To find the means of the columns in a DataFrame, or the average value of a Series in pandas, the easiest way is to use the pandas mean() function.
df.mean()
You can also use the numpy mean() function.
np.mean(df["Column"])
When working with data, many times we want to calculate summary statistics to understand our data better. One such statistic is the mean, or the average of a number.
Finding the mean of a column, or the mean for all columns or rows in a DataFrame using pandas is easy. We can use the pandas mean() function to find the average value of a column of numbers, or a DataFrame.
Let’s say we have the following DataFrame.
df = pd.DataFrame({'Age': [43,23,71,49,52,37],
'Test_Score':[90,87,92,96,84,79]})
print(df)
# Output:
Age Test_Score
0 43 90
1 23 87
2 71 92
3 49 96
4 52 84
5 37 79
To get the means for all columns, we can call the pandas mean() function.
print(df.mean())
# Output:
Age 45.833333
Test_Score 88.000000
dtype: float64
If we only want to get the mean of one column, we can do this using the pandas mean() function in the following Python code:
print(df["Test_Score"].mean())
# Output:
88.0
Using numpy mean to Calculate Averages in pandas DataFrame
We can also use the numpy mean() function to calculate the mean value of the numbers in a column in a pandas DataFrame.
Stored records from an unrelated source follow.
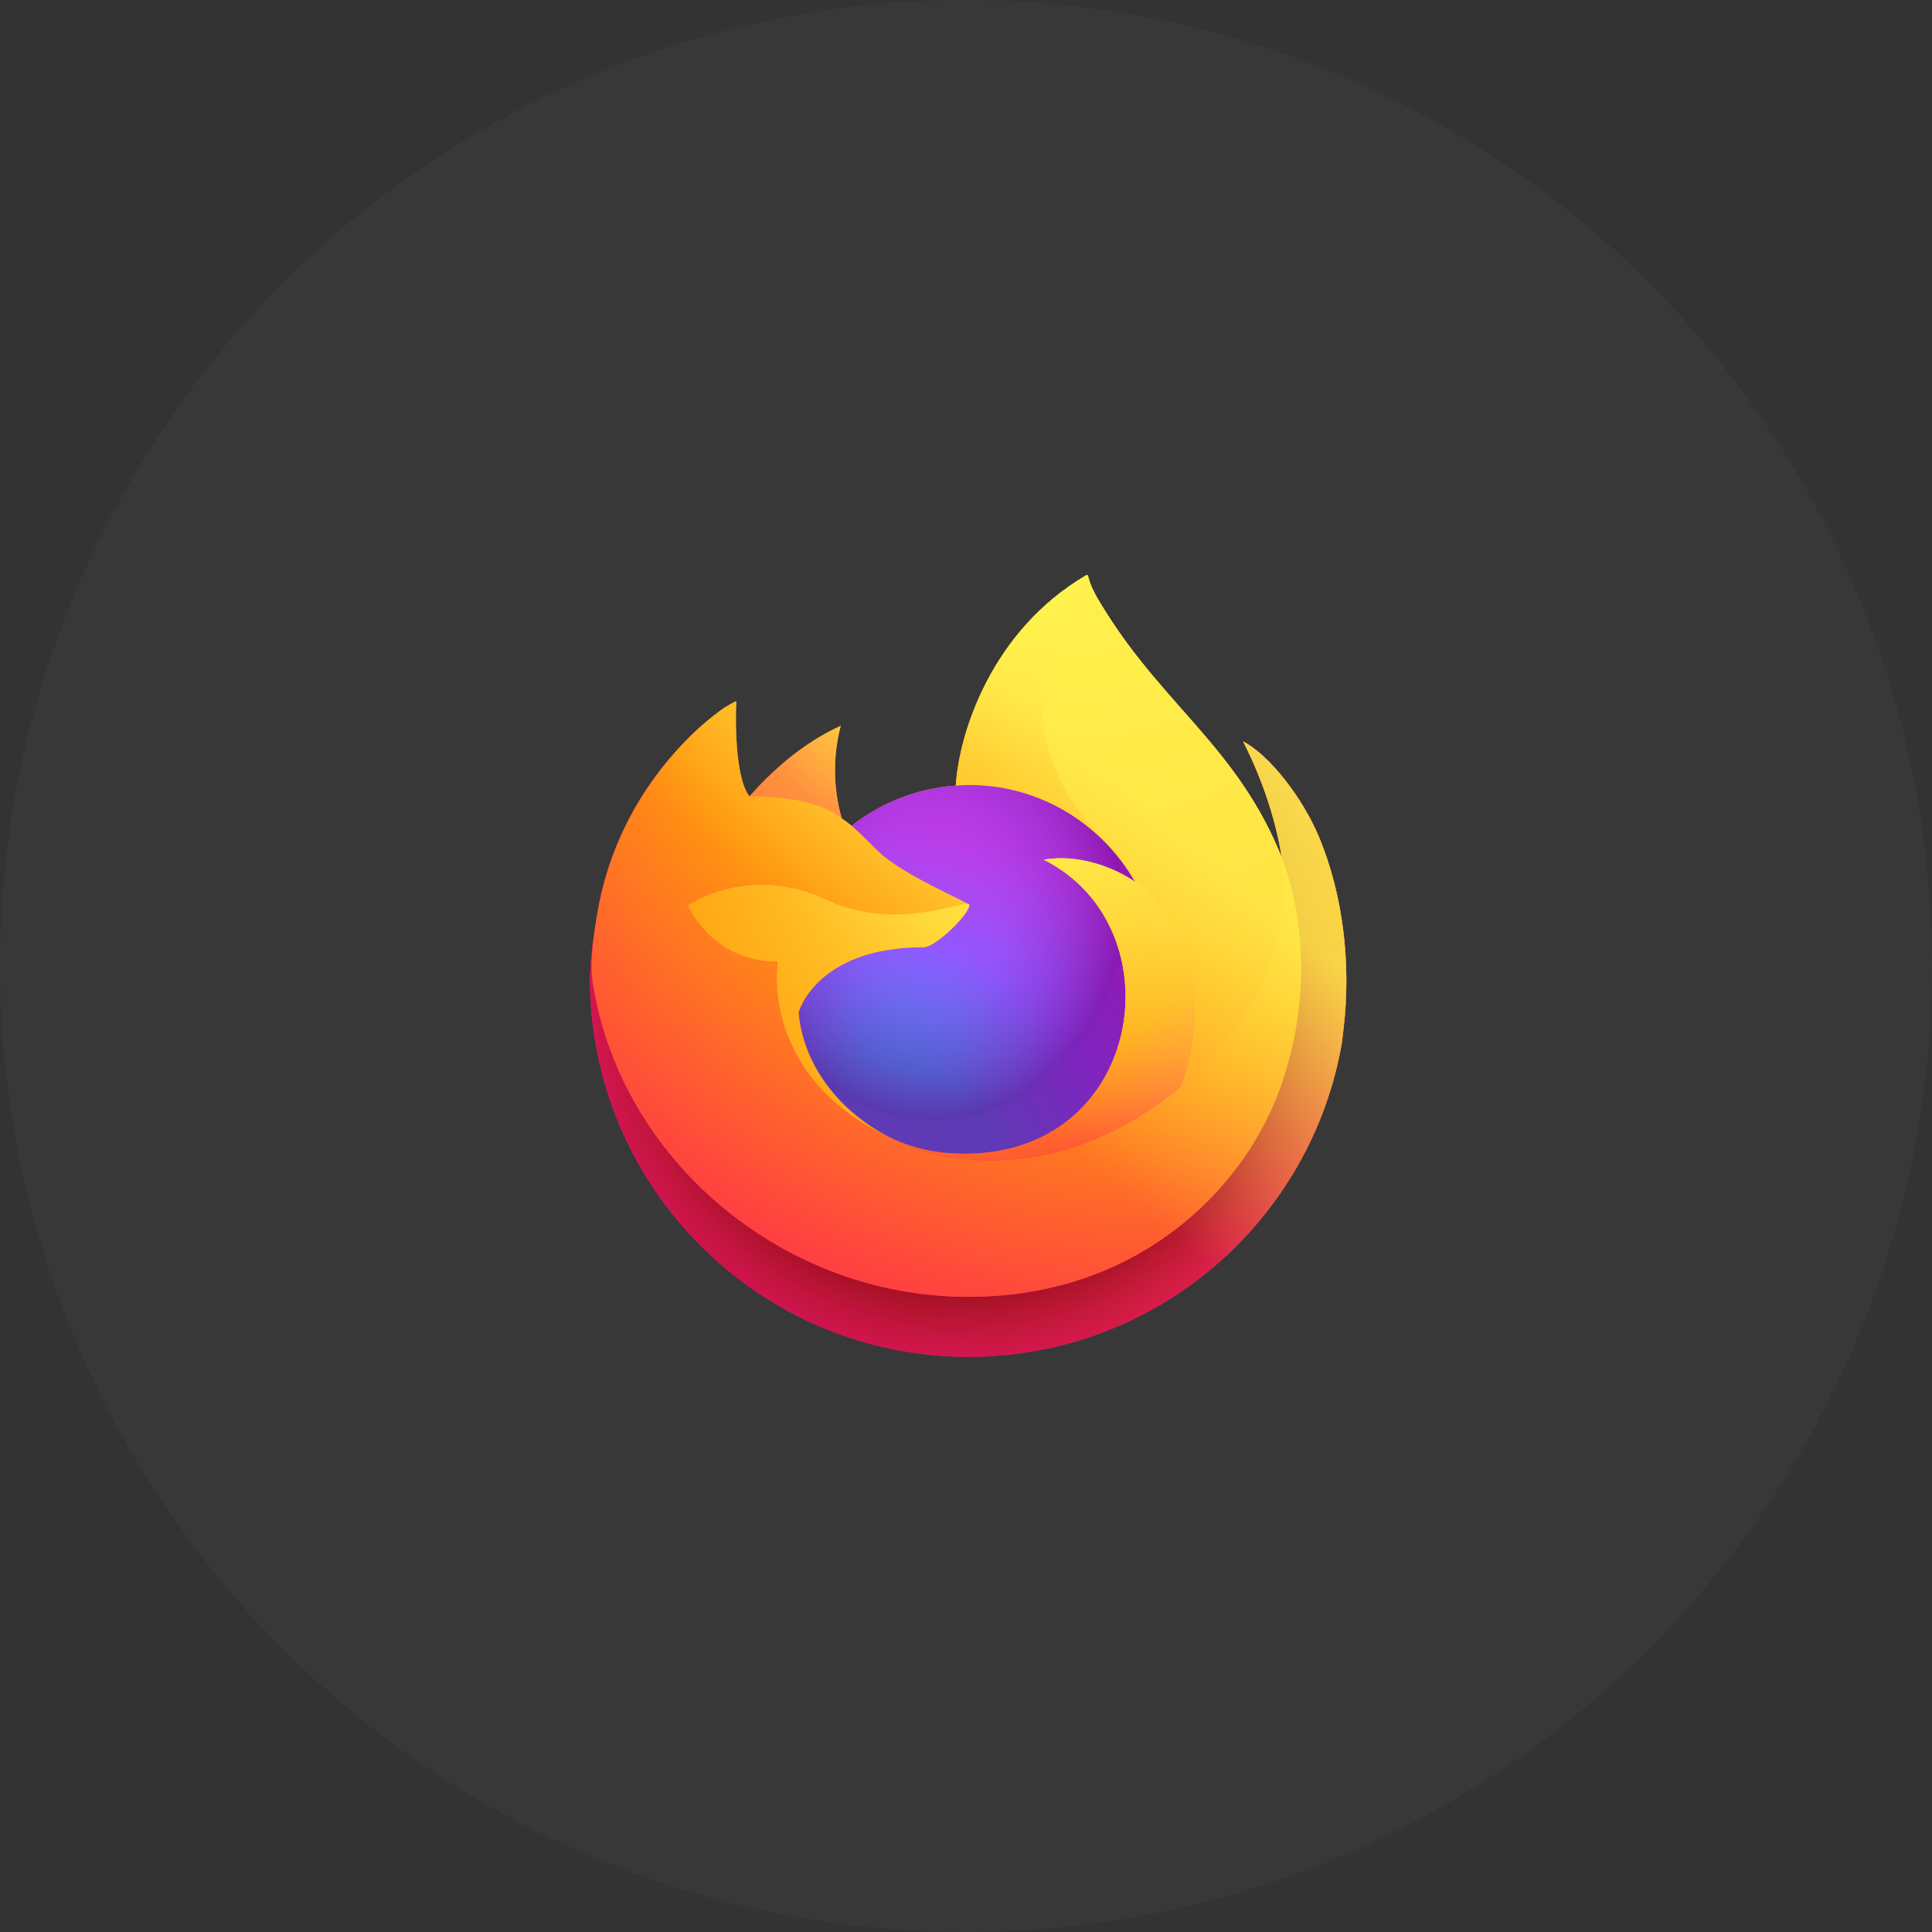 <svg width="131" height="131" viewBox="0 0 131 131" fill="none" xmlns="http://www.w3.org/2000/svg">
<rect x="0" y="0" width="131" height="131" fill="#333333" stroke="none"/>
<circle opacity="0.05" cx="65.5" cy="65.5" r="65.5" fill="#9B96B0"/>
<path d="M89.444 56.776C88.327 54.091 86.067 51.193 84.292 50.276C85.737 53.109 86.573 55.95 86.892 58.07C86.892 58.074 86.894 58.085 86.897 58.113C83.993 50.875 79.07 47.957 75.049 41.602C74.846 41.281 74.642 40.959 74.444 40.619C74.343 40.446 74.249 40.269 74.161 40.088C73.994 39.766 73.865 39.425 73.777 39.072C73.779 39.038 73.753 39.008 73.719 39.003C73.703 38.999 73.686 38.999 73.671 39.003C73.667 39.005 73.662 39.009 73.658 39.01C73.652 39.013 73.645 39.018 73.639 39.021C73.642 39.017 73.648 39.008 73.65 39.007C67.199 42.784 65.011 49.773 64.809 53.27C62.234 53.447 59.77 54.396 57.742 55.993C57.529 55.814 57.307 55.646 57.077 55.491C56.492 53.444 56.467 51.276 57.005 49.215C54.367 50.417 52.315 52.315 50.823 53.992H50.811C49.793 52.702 49.865 48.449 49.923 47.561C49.911 47.506 49.164 47.949 49.066 48.016C48.167 48.657 47.328 49.376 46.556 50.166C45.678 51.056 44.876 52.018 44.158 53.041C44.158 53.042 44.157 53.044 44.157 53.045C44.157 53.044 44.158 53.042 44.158 53.041C42.507 55.381 41.336 58.026 40.712 60.821C40.7 60.877 40.69 60.934 40.678 60.99C40.63 61.216 40.456 62.347 40.425 62.593C40.423 62.612 40.422 62.63 40.419 62.649C40.194 63.818 40.055 65.003 40.003 66.192C40.003 66.236 40 66.279 40 66.323C40 80.504 51.498 92 65.68 92C78.382 92 88.928 82.78 90.992 70.668C91.036 70.34 91.071 70.009 91.109 69.678C91.62 65.274 91.052 60.646 89.444 56.776ZM59.845 76.874C59.965 76.932 60.078 76.994 60.201 77.049C60.206 77.053 60.214 77.057 60.219 77.06C60.093 77 59.969 76.938 59.845 76.874ZM86.899 58.119L86.896 58.094C86.897 58.103 86.899 58.113 86.9 58.122L86.899 58.119Z" fill="url(#paint0_linear_112_58)"/>
<path d="M89.443 56.775C88.327 54.09 86.067 51.192 84.292 50.276C85.736 53.108 86.572 55.949 86.892 58.069C86.892 58.063 86.893 58.075 86.896 58.094C86.897 58.103 86.899 58.112 86.9 58.121C89.323 64.69 88.003 71.369 86.101 75.451C83.158 81.766 76.034 88.238 64.882 87.922C52.834 87.581 42.219 78.641 40.238 66.932C39.877 65.086 40.238 64.148 40.419 62.649C40.198 63.805 40.114 64.139 40.003 66.192C40.003 66.236 40 66.279 40 66.323C40 80.504 51.498 91.999 65.68 91.999C78.381 91.999 88.927 82.779 90.992 70.668C91.036 70.339 91.07 70.009 91.109 69.677C91.619 65.274 91.052 60.645 89.443 56.775Z" fill="url(#paint1_radial_112_58)"/>
<path d="M89.443 56.775C88.327 54.09 86.067 51.192 84.292 50.276C85.736 53.108 86.572 55.949 86.892 58.069C86.892 58.063 86.893 58.075 86.896 58.094C86.897 58.103 86.899 58.112 86.9 58.121C89.323 64.69 88.003 71.369 86.101 75.451C83.158 81.766 76.034 88.238 64.882 87.922C52.834 87.581 42.219 78.641 40.238 66.932C39.877 65.086 40.238 64.148 40.419 62.649C40.198 63.805 40.114 64.139 40.003 66.192C40.003 66.236 40 66.279 40 66.323C40 80.504 51.498 91.999 65.68 91.999C78.381 91.999 88.927 82.779 90.992 70.668C91.036 70.339 91.07 70.009 91.109 69.677C91.619 65.274 91.052 60.645 89.443 56.775Z" fill="url(#paint2_radial_112_58)"/>
<path d="M76.968 59.794C77.024 59.833 77.075 59.872 77.127 59.911C76.483 58.768 75.68 57.72 74.743 56.801C66.761 48.819 72.65 39.494 73.644 39.021C73.646 39.017 73.652 39.008 73.654 39.006C67.203 42.784 65.015 49.773 64.814 53.27C65.113 53.249 65.411 53.224 65.716 53.224C70.53 53.224 74.723 55.87 76.968 59.794Z" fill="url(#paint3_radial_112_58)"/>
<path d="M65.723 61.388C65.681 62.027 63.424 64.23 62.635 64.23C55.332 64.23 54.147 68.647 54.147 68.647C54.47 72.366 57.06 75.429 60.196 77.05C60.339 77.124 60.484 77.191 60.629 77.257C60.877 77.367 61.129 77.47 61.383 77.565C62.458 77.946 63.585 78.163 64.725 78.21C77.524 78.81 80.003 62.908 70.767 58.291C73.132 57.88 75.587 58.831 76.959 59.794C74.713 55.871 70.521 53.224 65.707 53.224C65.402 53.224 65.104 53.249 64.805 53.27C62.229 53.447 59.766 54.396 57.737 55.993C58.129 56.325 58.571 56.767 59.502 57.685C61.244 59.402 65.713 61.179 65.723 61.388Z" fill="url(#paint4_radial_112_58)"/>
<path d="M65.723 61.388C65.681 62.027 63.424 64.23 62.635 64.23C55.332 64.23 54.147 68.647 54.147 68.647C54.47 72.366 57.06 75.429 60.196 77.05C60.339 77.124 60.484 77.191 60.629 77.257C60.877 77.367 61.129 77.47 61.383 77.565C62.458 77.946 63.585 78.163 64.725 78.21C77.524 78.81 80.003 62.908 70.767 58.291C73.132 57.88 75.587 58.831 76.959 59.794C74.713 55.871 70.521 53.224 65.707 53.224C65.402 53.224 65.104 53.249 64.805 53.27C62.229 53.447 59.766 54.396 57.737 55.993C58.129 56.325 58.571 56.767 59.502 57.685C61.244 59.402 65.713 61.179 65.723 61.388Z" fill="url(#paint5_radial_112_58)"/>
<path d="M56.54 55.141C56.719 55.256 56.897 55.374 57.073 55.493C56.487 53.446 56.462 51.278 57.001 49.218C54.363 50.419 52.311 52.317 50.819 53.994C50.943 53.99 54.667 53.923 56.54 55.141Z" fill="url(#paint6_radial_112_58)"/>
<path d="M40.243 66.934C42.224 78.643 52.839 87.583 64.887 87.924C76.038 88.24 83.163 81.767 86.106 75.452C88.008 71.37 89.328 64.692 86.905 58.123L86.904 58.12L86.901 58.095C86.898 58.076 86.897 58.065 86.897 58.071C86.897 58.075 86.898 58.086 86.902 58.114C87.813 64.062 84.787 69.824 80.058 73.719L80.043 73.753C70.828 81.257 62.009 78.28 60.224 77.062C60.098 77.001 59.974 76.939 59.85 76.876C54.477 74.308 52.257 69.413 52.733 65.215C48.196 65.215 46.649 61.389 46.649 61.389C46.649 61.389 50.723 58.484 56.091 61.01C61.063 63.35 65.732 61.389 65.733 61.389C65.723 61.18 61.254 59.402 59.511 57.686C58.58 56.768 58.138 56.326 57.747 55.994C57.534 55.815 57.312 55.647 57.081 55.492C56.905 55.373 56.728 55.255 56.549 55.139C54.676 53.922 50.951 53.989 50.828 53.992H50.816C49.798 52.703 49.87 48.449 49.928 47.561C49.916 47.506 49.169 47.949 49.071 48.016C48.172 48.657 47.333 49.377 46.561 50.166C45.683 51.056 44.881 52.019 44.163 53.042C44.163 53.044 44.162 53.045 44.162 53.047C44.162 53.045 44.163 53.044 44.163 53.042C42.512 55.382 41.34 58.027 40.717 60.822C40.705 60.878 39.793 64.866 40.243 66.934Z" fill="url(#paint7_radial_112_58)"/>
<path d="M74.738 56.8C75.675 57.72 76.477 58.767 77.122 59.911C77.263 60.017 77.395 60.123 77.507 60.227C83.329 65.591 80.279 73.178 80.051 73.718C84.781 69.822 87.806 64.06 86.895 58.113C83.992 50.875 79.068 47.957 75.047 41.602C74.844 41.281 74.641 40.959 74.442 40.619C74.341 40.446 74.247 40.269 74.159 40.088C73.993 39.766 73.864 39.425 73.776 39.072C73.777 39.038 73.751 39.008 73.717 39.003C73.702 38.999 73.685 38.999 73.669 39.003C73.665 39.005 73.66 39.009 73.656 39.01C73.651 39.013 73.643 39.018 73.637 39.021C72.645 39.494 66.755 48.819 74.738 56.8Z" fill="url(#paint8_radial_112_58)"/>
<path d="M77.504 60.227C77.391 60.124 77.259 60.018 77.118 59.912C77.066 59.873 77.014 59.834 76.959 59.794C75.587 58.831 73.132 57.88 70.767 58.291C80.003 62.909 77.524 78.81 64.724 78.21C63.585 78.163 62.458 77.946 61.383 77.566C61.129 77.47 60.877 77.367 60.629 77.257C60.484 77.191 60.339 77.124 60.196 77.05C60.201 77.054 60.208 77.058 60.213 77.061C61.999 78.279 70.817 81.256 80.033 73.752L80.047 73.719C80.275 73.179 83.325 65.592 77.504 60.227Z" fill="url(#paint9_radial_112_58)"/>
<path d="M54.15 68.646C54.15 68.646 55.335 64.229 62.637 64.229C63.427 64.229 65.684 62.026 65.725 61.387C65.767 60.748 61.056 63.348 56.084 61.009C50.715 58.483 46.642 61.387 46.642 61.387C46.642 61.387 48.189 65.214 52.726 65.214C52.25 69.412 54.469 74.307 59.842 76.874C59.962 76.931 60.075 76.994 60.199 77.049C57.062 75.428 54.473 72.365 54.15 68.646Z" fill="url(#paint10_radial_112_58)"/>
<path d="M89.443 56.776C88.327 54.091 86.066 51.193 84.291 50.276C85.736 53.109 86.572 55.95 86.892 58.07C86.892 58.074 86.893 58.085 86.897 58.113C83.993 50.875 79.069 47.957 75.049 41.602C74.846 41.281 74.642 40.959 74.444 40.619C74.343 40.446 74.248 40.269 74.161 40.088C73.994 39.766 73.865 39.425 73.777 39.072C73.778 39.038 73.753 39.008 73.719 39.003C73.703 38.999 73.686 38.999 73.67 39.003C73.667 39.005 73.661 39.009 73.658 39.01C73.652 39.013 73.645 39.018 73.639 39.021C73.642 39.017 73.648 39.008 73.649 39.007C67.199 42.784 65.01 49.773 64.809 53.27C65.108 53.249 65.407 53.224 65.711 53.224C70.525 53.224 74.718 55.871 76.963 59.794C75.592 58.831 73.136 57.879 70.771 58.291C80.008 62.908 77.528 78.81 64.729 78.21C63.589 78.163 62.463 77.946 61.388 77.565C61.133 77.469 60.882 77.367 60.633 77.257C60.488 77.191 60.343 77.124 60.2 77.05C60.206 77.053 60.213 77.057 60.218 77.061C60.092 77 59.968 76.938 59.844 76.874C59.964 76.932 60.077 76.994 60.2 77.049C57.064 75.429 54.474 72.366 54.151 68.646C54.151 68.646 55.336 64.229 62.639 64.229C63.428 64.229 65.685 62.026 65.727 61.388C65.717 61.179 61.248 59.401 59.505 57.684C58.574 56.767 58.132 56.325 57.741 55.993C57.528 55.814 57.306 55.646 57.076 55.491C56.49 53.443 56.465 51.276 57.004 49.215C54.365 50.416 52.314 52.315 50.822 53.992H50.81C49.792 52.702 49.864 48.449 49.922 47.56C49.91 47.505 49.163 47.948 49.065 48.015C48.166 48.656 47.327 49.376 46.555 50.165C45.677 51.056 44.876 52.018 44.158 53.041C44.158 53.042 44.157 53.044 44.157 53.045C44.157 53.044 44.157 53.042 44.158 53.041C42.507 55.381 41.335 58.026 40.712 60.821C40.7 60.877 40.689 60.934 40.677 60.99C40.629 61.216 40.412 62.364 40.381 62.61C40.384 62.591 40.379 62.629 40.381 62.61C40.183 63.795 40.057 64.992 40.003 66.193C40.003 66.237 40 66.28 40 66.324C40 80.504 51.498 92 65.68 92C78.381 92 88.927 82.78 90.992 70.668C91.035 70.34 91.07 70.009 91.109 69.678C91.619 65.274 91.052 60.646 89.443 56.776ZM86.895 58.094C86.897 58.103 86.898 58.113 86.9 58.122L86.899 58.119L86.895 58.094Z" fill="url(#paint11_linear_112_58)"/>
<defs>
<linearGradient id="paint0_linear_112_58" x1="84.751" y1="47.215" x2="44.821" y2="88.343" gradientUnits="userSpaceOnUse">
<stop stop-color="#FFF44F"/>
<stop offset="0.05" stop-color="#FFF44F"/>
<stop offset="0.37" stop-color="#FF980E"/>
<stop offset="0.53" stop-color="#FF3647"/>
<stop offset="0.7" stop-color="#E31587"/>
<stop offset="1" stop-color="#E31587"/>
</linearGradient>
<radialGradient id="paint1_radial_112_58" cx="0" cy="0" r="1" gradientUnits="userSpaceOnUse" gradientTransform="translate(84.921 44.894) scale(65.652)">
<stop stop-color="#FFBD4F"/>
<stop offset="0.13" stop-color="#FFBD4F"/>
<stop offset="0.28" stop-color="#FF980E"/>
<stop offset="0.47" stop-color="#FF3750"/>
<stop offset="0.78" stop-color="#EB0878"/>
<stop offset="0.86" stop-color="#E50080"/>
<stop offset="1" stop-color="#E50080"/>
</radialGradient>
<radialGradient id="paint2_radial_112_58" cx="0" cy="0" r="1" gradientUnits="userSpaceOnUse" gradientTransform="translate(65.185 67.008) scale(65.652)">
<stop stop-color="#960E18"/>
<stop offset="0.3" stop-color="#960E18"/>
<stop offset="0.35" stop-color="#B11927" stop-opacity="0.74"/>
<stop offset="0.43" stop-color="#DB293D" stop-opacity="0.34"/>
<stop offset="0.5" stop-color="#F5334B" stop-opacity="0.09"/>
<stop offset="0.53" stop-color="#FF3750" stop-opacity="0"/>
<stop offset="1" stop-color="#FF3750" stop-opacity="0"/>
</radialGradient>
<radialGradient id="paint3_radial_112_58" cx="0" cy="0" r="1" gradientUnits="userSpaceOnUse" gradientTransform="translate(70.724 36.498) scale(29.267 29.267)">
<stop stop-color="#FFF44F"/>
<stop offset="0.13" stop-color="#FFF44F"/>
<stop offset="0.53" stop-color="#FF980E"/>
<stop offset="1" stop-color="#FF980E"/>
</radialGradient>
<radialGradient id="paint4_radial_112_58" cx="0" cy="0" r="1" gradientUnits="userSpaceOnUse" gradientTransform="translate(59.339 80.754) scale(25.002 25.002)">
<stop stop-color="#3A8EE6"/>
<stop offset="0.35" stop-color="#3A8EE6"/>
<stop offset="0.67" stop-color="#9059FF"/>
<stop offset="1" stop-color="#C139E6"/>
</radialGradient>
<radialGradient id="paint5_radial_112_58" cx="0" cy="0" r="1" gradientUnits="userSpaceOnUse" gradientTransform="translate(63.237 61.475) scale(13.276 14.751)">
<stop stop-color="#8346FF" stop-opacity="0"/>
<stop offset="0.21" stop-color="#9059FF" stop-opacity="0"/>
<stop offset="0.97" stop-color="#6E008B" stop-opacity="0.6"/>
<stop offset="1" stop-color="#760295" stop-opacity="0.6"/>
</radialGradient>
<radialGradient id="paint6_radial_112_58" cx="0" cy="0" r="1" gradientUnits="userSpaceOnUse" gradientTransform="translate(63.952 42.942) scale(18.2 18.2)">
<stop stop-color="#FFE226"/>
<stop offset="0.1" stop-color="#FFE226"/>
<stop offset="0.79" stop-color="#FF7139"/>
<stop offset="1" stop-color="#FF7139"/>
</radialGradient>
<radialGradient id="paint7_radial_112_58" cx="0" cy="0" r="1" gradientUnits="userSpaceOnUse" gradientTransform="translate(80.523 31.002) scale(86.582 86.582)">
<stop stop-color="#FFF44F"/>
<stop offset="0.11" stop-color="#FFF44F"/>
<stop offset="0.46" stop-color="#FF980E"/>
<stop offset="0.72" stop-color="#FF3647"/>
<stop offset="0.9" stop-color="#E31587"/>
<stop offset="1" stop-color="#E31587"/>
</radialGradient>
<radialGradient id="paint8_radial_112_58" cx="0" cy="0" r="1" gradientUnits="userSpaceOnUse" gradientTransform="translate(73.279 32.522) scale(121.098 121.098)">
<stop stop-color="#FFF44F"/>
<stop offset="0.3" stop-color="#FF980E"/>
<stop offset="0.57" stop-color="#FF3647"/>
<stop offset="0.74" stop-color="#E31587"/>
<stop offset="1" stop-color="#E31587"/>
</radialGradient>
<radialGradient id="paint9_radial_112_58" cx="0" cy="0" r="1" gradientUnits="userSpaceOnUse" gradientTransform="translate(64.137 49.486) scale(49.711 49.711)">
<stop stop-color="#FFF44F"/>
<stop offset="0.14" stop-color="#FFF44F"/>
<stop offset="0.48" stop-color="#FF980E"/>
<stop offset="0.66" stop-color="#FF3647"/>
<stop offset="0.9" stop-color="#E31587"/>
<stop offset="1" stop-color="#E31587"/>
</radialGradient>
<radialGradient id="paint10_radial_112_58" cx="0" cy="0" r="1" gradientUnits="userSpaceOnUse" gradientTransform="translate(77.042 52.342) scale(59.751 59.751)">
<stop stop-color="#FFF44F"/>
<stop offset="0.09" stop-color="#FFF44F"/>
<stop offset="0.63" stop-color="#FF9506"/>
<stop offset="1" stop-color="#F79006"/>
</radialGradient>
<linearGradient id="paint11_linear_112_58" x1="81.032" y1="46.42" x2="49.232" y2="83.52" gradientUnits="userSpaceOnUse">
<stop stop-color="#FFF44F" stop-opacity="0.8"/>
<stop offset="0.17" stop-color="#FFF44F" stop-opacity="0.8"/>
<stop offset="0.6" stop-color="#FFF44F" stop-opacity="0"/>
<stop offset="1" stop-color="#FFF44F" stop-opacity="0"/>
</linearGradient>
</defs>
</svg>

To get the average of the numbers in the column “Test_Score”, we can use the numpy mean() function in the following Python code:
print(np.mean(df["Test_Score"]))
# Output:
88.0
As you can see above, this is the same value we received from the pandas mean() function.
Hopefully this article has been helpful for you to understand how to find the mean value of numbers in a Series or DataFrame in pandas.